So verging die Zeit, und ich lebte von Mahlzeit zu Mahlzeit. Trotzdem war es diesmal etwas anderes, diesmal war es mein eigener Bruder, der auf dem Boden zu meinen Füßen lag, der letzte Verwandte, den ich gehabt hatte, das letzte Zeugnis meiner Existenz. Jetzt war ich endgültig aus dem Buch des gesellschaftlichen Lebens gelöscht.
Eine Weile betrachtete ich seinen erkaltenden Leib. Wie still waren Menschen doch, wenn sie erst gestorben waren. Im Leben waren sie nur laute, sich ständig bewegend, stinkende Tiere.
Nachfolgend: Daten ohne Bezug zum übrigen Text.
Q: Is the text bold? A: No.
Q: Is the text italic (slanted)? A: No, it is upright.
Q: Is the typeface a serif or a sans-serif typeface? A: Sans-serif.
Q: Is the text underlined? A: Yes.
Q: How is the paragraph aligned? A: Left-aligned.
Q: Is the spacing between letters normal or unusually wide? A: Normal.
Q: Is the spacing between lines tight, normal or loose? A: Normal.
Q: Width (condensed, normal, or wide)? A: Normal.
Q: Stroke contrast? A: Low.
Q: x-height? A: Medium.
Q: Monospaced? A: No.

Aber in der Erstarrung des Todes schienen sie besinnlich, traurig, fast schön - bewegungslose, majestätische Statuetten für einen kleinen Moment der Ewigkeit.
Ich schloß die Augen und genoß die Stille.
In meinem Geist tauchten die Bilder meiner Erinnerungen auf, längst vergangene Bilder einer glücklichen, naiven Kindheit, wie ich mit meinem Bruder im Wald gespielt hatte; - die Schule, wie wir den Lehrern Streiche gespielt, wie wir gelacht hatten; - vergangen - und dann - die Liebe, ihr schwarzes, langes Haar, ihre Augen - groß, dunkel, tiefgründig, die Traurigkeit hinter ihrer lächelnden Maske, wie sie mich fasziniert, ich sie doch nicht verstanden hatte; - dann - ihr seliges, blasses Gesicht - leblos, die Schachtel Schlaftabletten noch in ihrer rechten Hand, die Wahrheit – so unerträglich, ich – taumelnd, schwindlig – unfaßbar; - und kurze Zeit später - das brennende Elternhaus, die verkohlten Leichen meiner Eltern zwischen abgebrannten Mauern, und ich hatte überlebt, so sehr ich den Tod ersehnt hatte, schließlich hatte ich doch nicht den Mut aufgebracht, meinen von Trauer vergifteten Leib den Flammen zu überantworten...
Ich spürte ein feuchtes Glühen in meinen Augen, brodelnder Schmerz riß in meiner Brust. Wie sehr quälten mich diese Erinnerungen. Ich schob sie beiseite und ging hinaus in die Nacht. Mein Hunger war noch nicht gestillt...

 

schöne geschichte. der stil ist eigentlich kaum bemängelnd, aber am Ende das mehrfache Auftauchen des Striches ("-") hat mich etwas irritiert. Ansonsten gibt es nicht viel schlechtes zu der Geschichte zu sagen, aber ich finde, sie passt besser in die Spalte "Seltsam".

Grüße,
Ernest "Ernesto" P. Teclar

 

Hi Ernest,

danke erstmal für Deine Kritik.

Was die Zeichensetzung gegen Ende angeht, gebe ich Dir eigentlich recht. Ich überlege schon seit Ewigkeiten, wie ich sie verbessern kann. Ansonsten will ich allerdings hoffen, daß sie dem Verständnis keinen Abbruch getan hat.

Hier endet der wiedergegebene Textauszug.